Baptiste Nayrand

W malowniczym zakątku Côteaux du Lyonnais, między Lyonem a Beaujolais, Baptiste Nayrand postanowił przewrócić świat naturalnego wina do góry nogami. Zostawił karierę w marketingu u chemicznej firmy i w 2014 r. zaczął tworzyć swoje wino — początkowo zaledwie 3,5 ha parcel, dziś już z kilkoma we własnym rejonie Millery / Bibost.

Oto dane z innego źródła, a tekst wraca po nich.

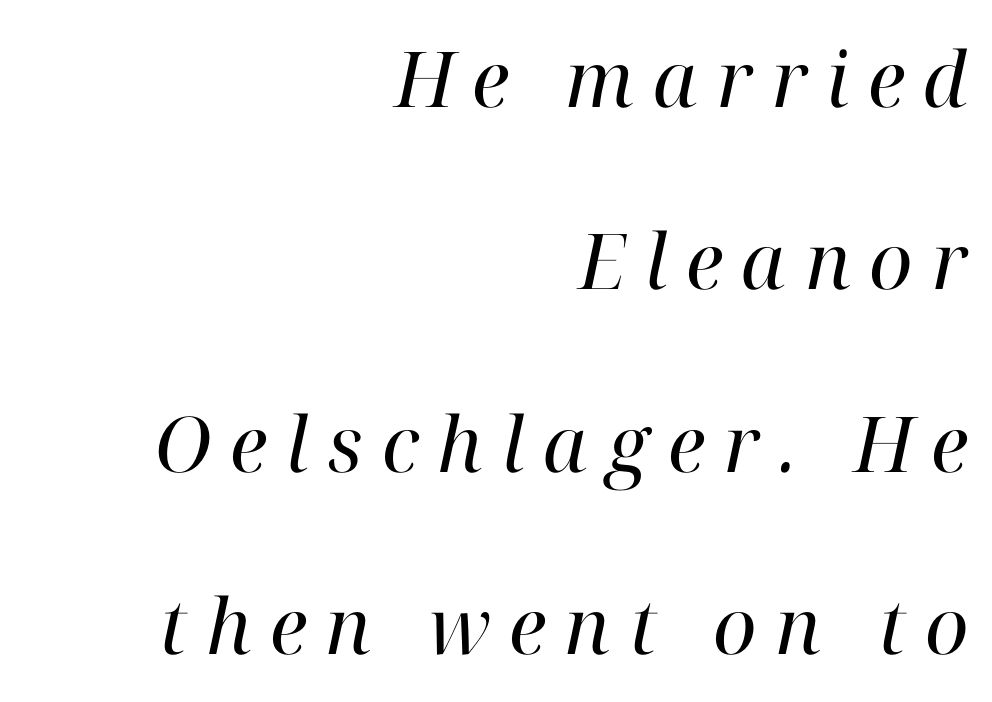
{"serif": "yes", "italic": "yes", "lean": "right", "slant_degrees": 12, "bold": "no", "weight": "regular", "width": "normal", "stroke_contrast": "high", "x_height": "medium", "monospaced": "no", "underline": "no", "align": "right", "line_spacing": "loose", "line_spacing_ratio": 2.37, "letter_spacing": "wide", "letter_spacing_em": 0.24, "glyph_px": 77}

Tu winnica nie idzie na kompromisy: uprawa organiczna od samego początku, bez pestycydów i nawozów syntetycznych, z siedmioma infuzjami roślin (pokrzywa, skrzyp, wierzba i inne) wzmacniającymi równowagę gleby — a użycie siarki i miedzi ograniczone do absolutnego minimum.

Fermentacje odbywają się wyłącznie z dzikich drożdży, bez kontroli temperatury, bez pompowań czy nadmiernej ekstrakcji — wino ma się „naprawdę wypowiedzieć”, nie być składanką trików.

W portfolio Nayranda dominują czerwone wina z Gamay: cuvée takie jak L’Astrale, Vésanie, Sauvage czy Toit du Monde to wyraz tego, co region może dać, gdy pozwolić winogronom „żyć po swojemu”.

Są tu częściowo fermentacje całych gron (whole cluster), apelacje lokalne, pełne naturalnych napięć — wina, które nie krzyczą, ale przyciągają i zostają w pamięci.